Once you reach the line with "One video supplies" in the material below, copy each line exactly up to and including the line with "0.6 s since image 1.", and skip the pictures.

══ Recorded data

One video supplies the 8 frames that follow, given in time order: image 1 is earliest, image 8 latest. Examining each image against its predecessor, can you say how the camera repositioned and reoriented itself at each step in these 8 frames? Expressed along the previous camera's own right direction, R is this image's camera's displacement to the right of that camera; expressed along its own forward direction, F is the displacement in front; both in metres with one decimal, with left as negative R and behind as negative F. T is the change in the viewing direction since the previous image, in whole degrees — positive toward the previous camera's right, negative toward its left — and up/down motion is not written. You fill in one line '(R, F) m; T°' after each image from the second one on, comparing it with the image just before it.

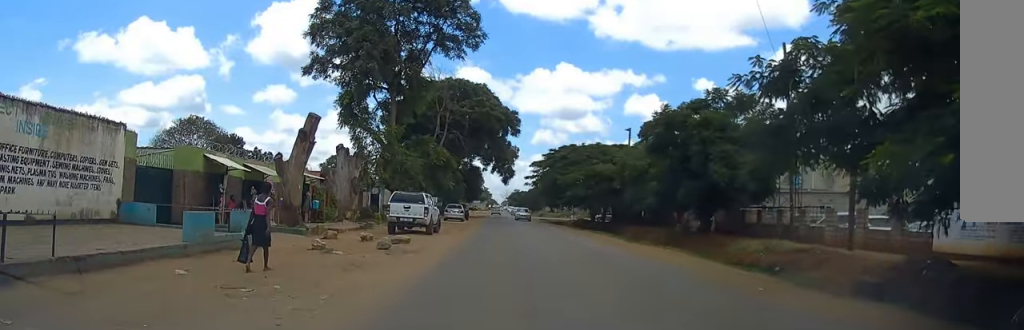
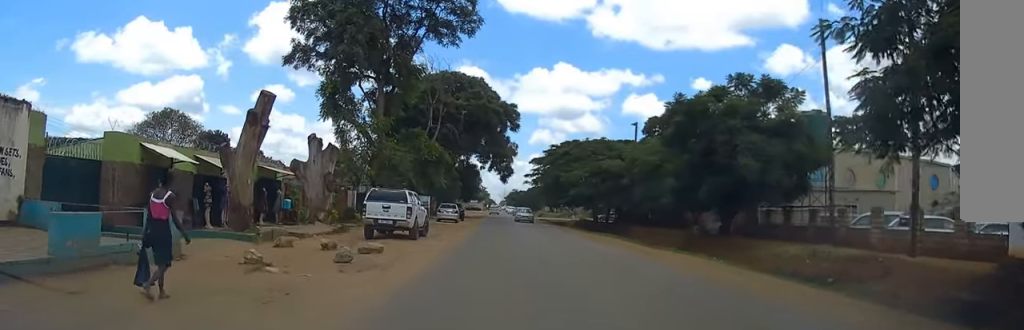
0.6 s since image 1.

════
══ Recorded data

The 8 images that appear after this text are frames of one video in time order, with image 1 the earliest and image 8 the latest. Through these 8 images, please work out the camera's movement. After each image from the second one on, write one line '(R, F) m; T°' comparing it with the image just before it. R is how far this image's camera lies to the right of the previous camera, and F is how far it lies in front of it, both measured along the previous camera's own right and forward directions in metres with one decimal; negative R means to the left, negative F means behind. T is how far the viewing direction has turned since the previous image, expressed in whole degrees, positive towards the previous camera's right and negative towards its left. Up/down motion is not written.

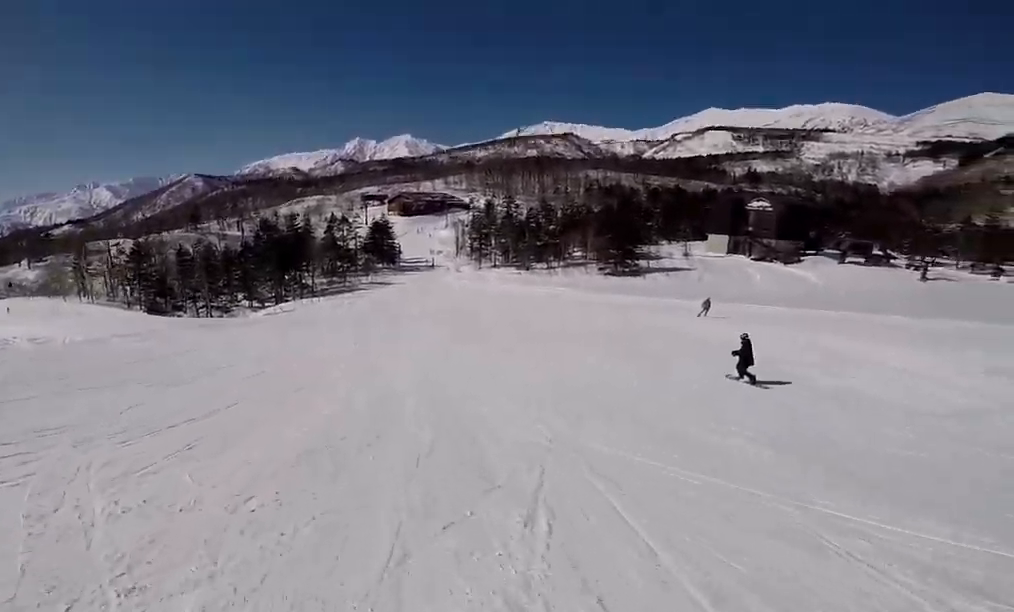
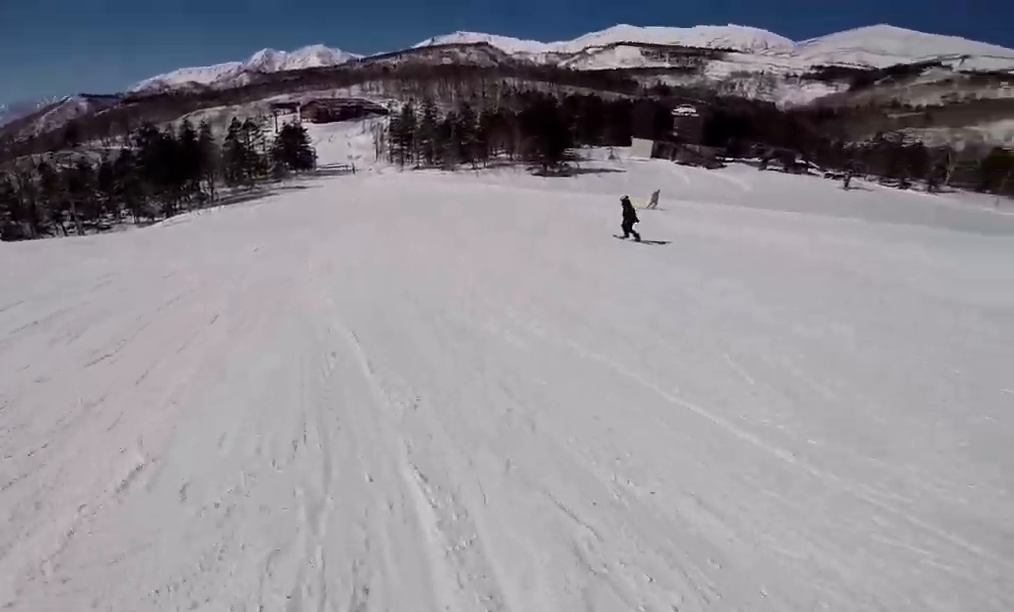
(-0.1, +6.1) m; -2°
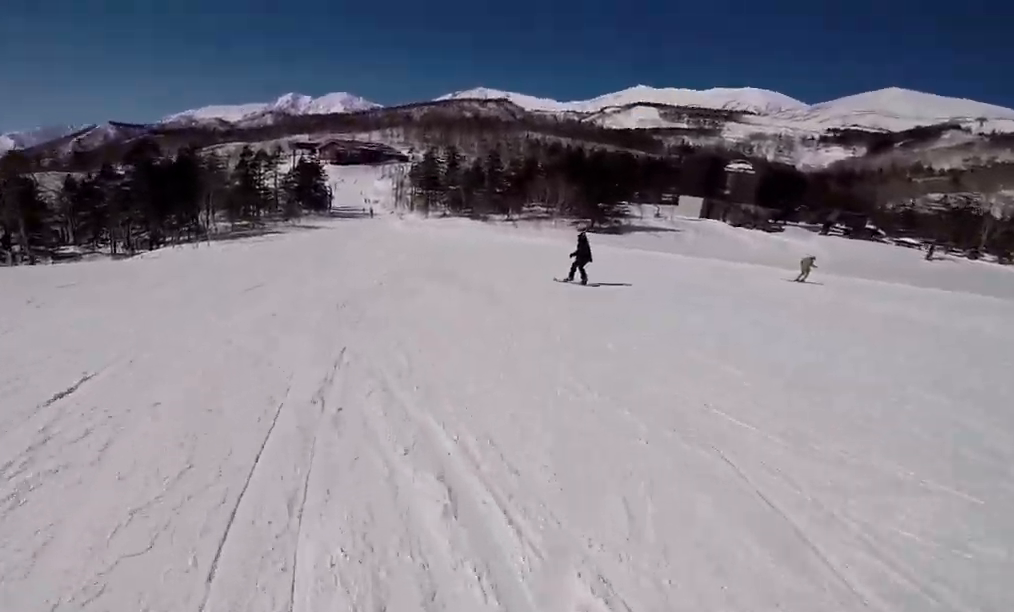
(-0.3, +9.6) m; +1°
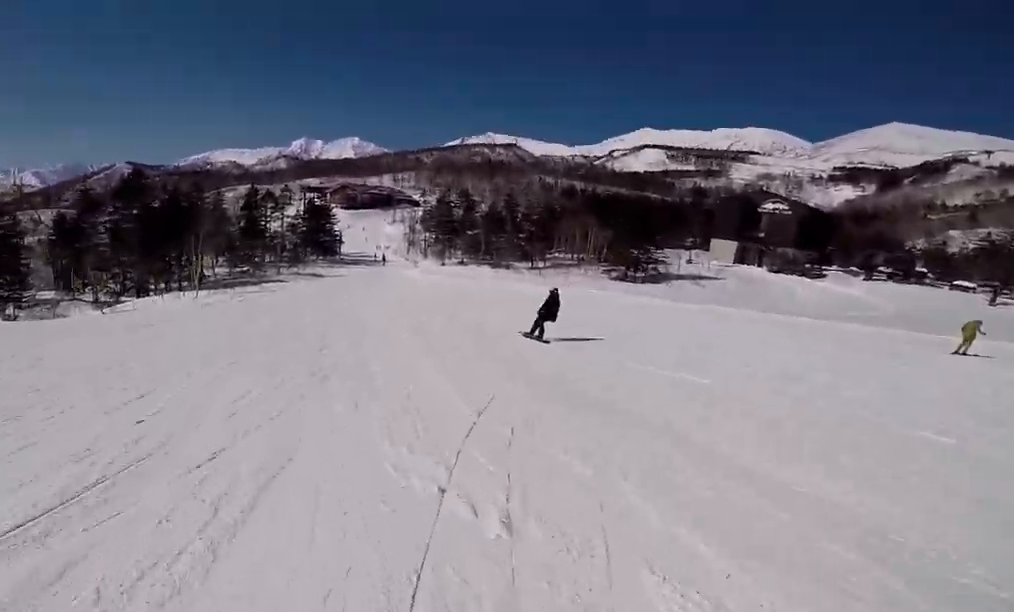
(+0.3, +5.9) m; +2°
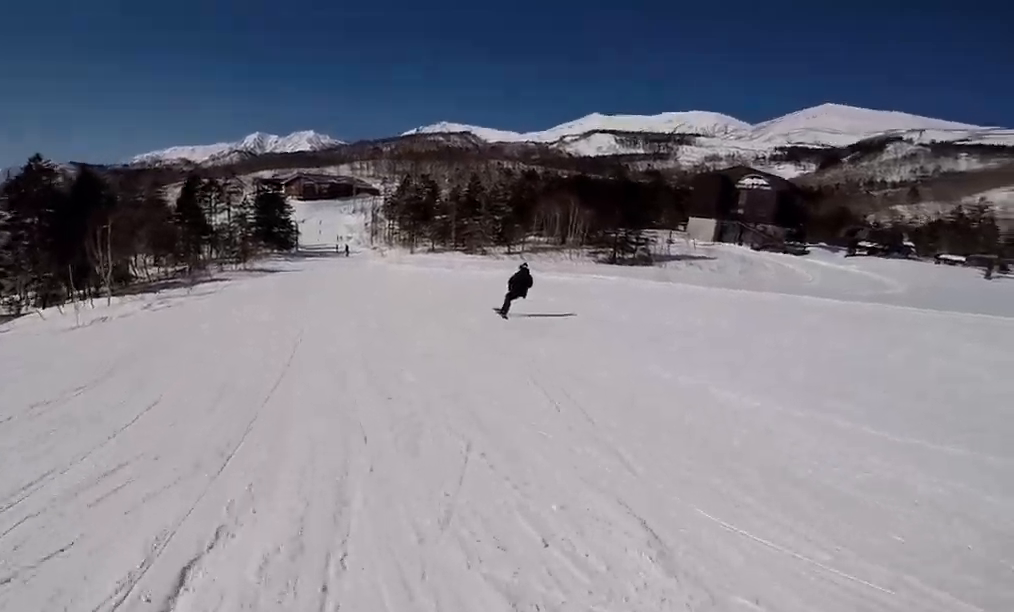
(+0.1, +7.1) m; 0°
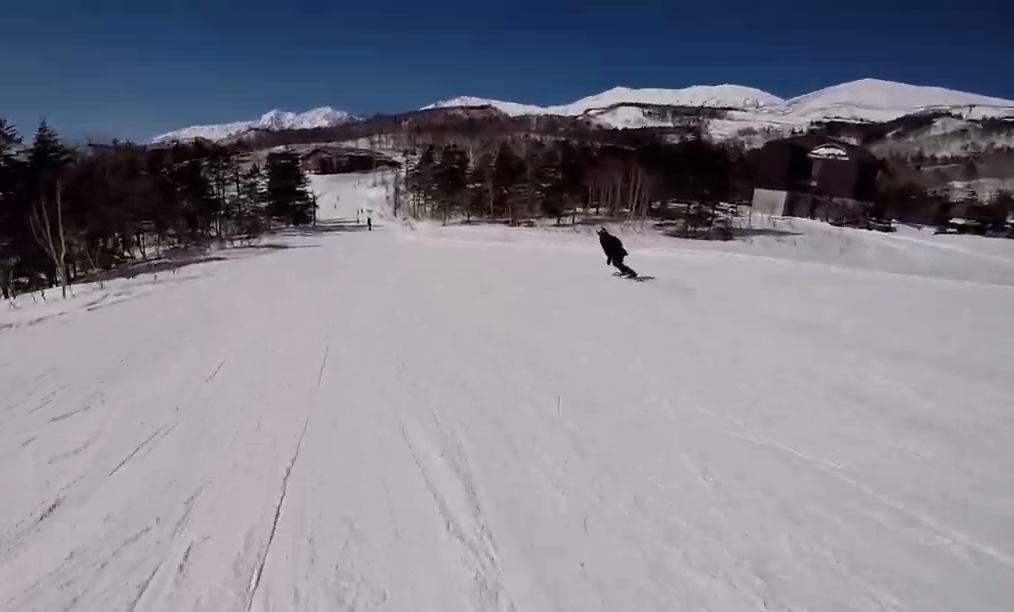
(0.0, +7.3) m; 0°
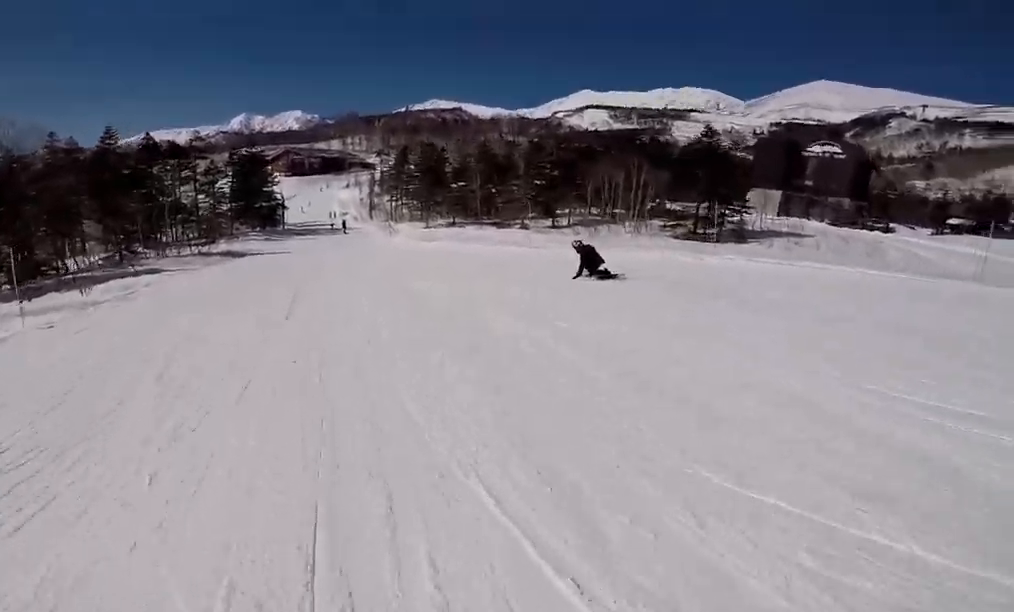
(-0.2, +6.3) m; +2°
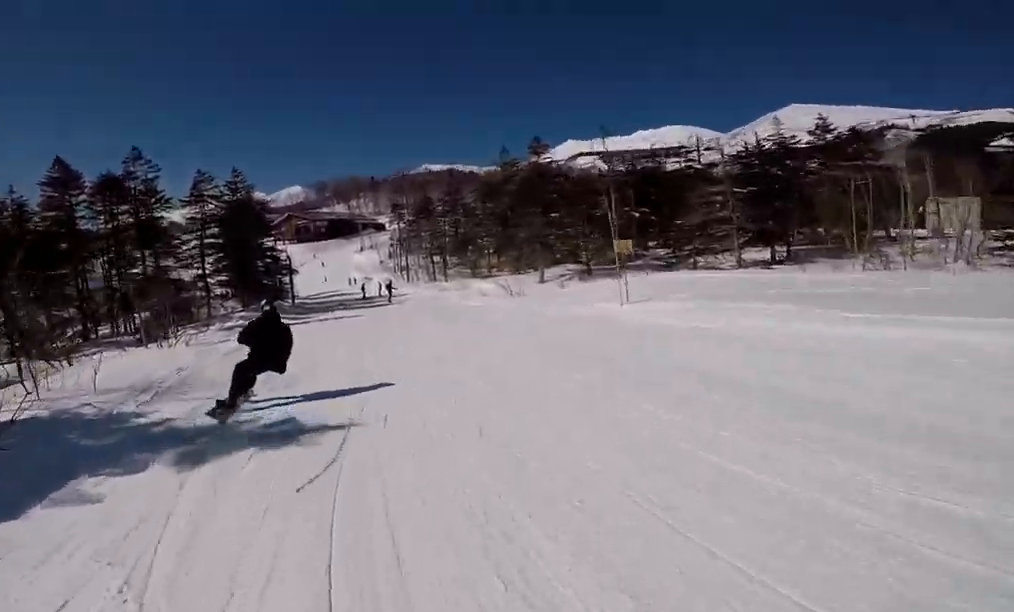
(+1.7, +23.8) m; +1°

════

§ Solution to the problem:
One video supplies the 8 frames that follow, given in time order: image 1 is earliest, image 8 latest. Examining each image against its predecessor, can you say how the camera repositioned and reoriented itself at each step in these 8 frames? Expressed along the previous camera's own right direction, R is this image's camera's displacement to the right of that camera; expressed along its own forward direction, F is the displacement in front; both in metres with one decimal, with left as negative R and behind as negative F. T is the change in the viewing direction since the previous image, in whole degrees — positive toward the previous camera's right, negative toward its left — and up/down motion is not written. You fill in one line '(R, F) m; T°' after each image from the second one on, comparing it with the image just before it.

0.6 s since image 1.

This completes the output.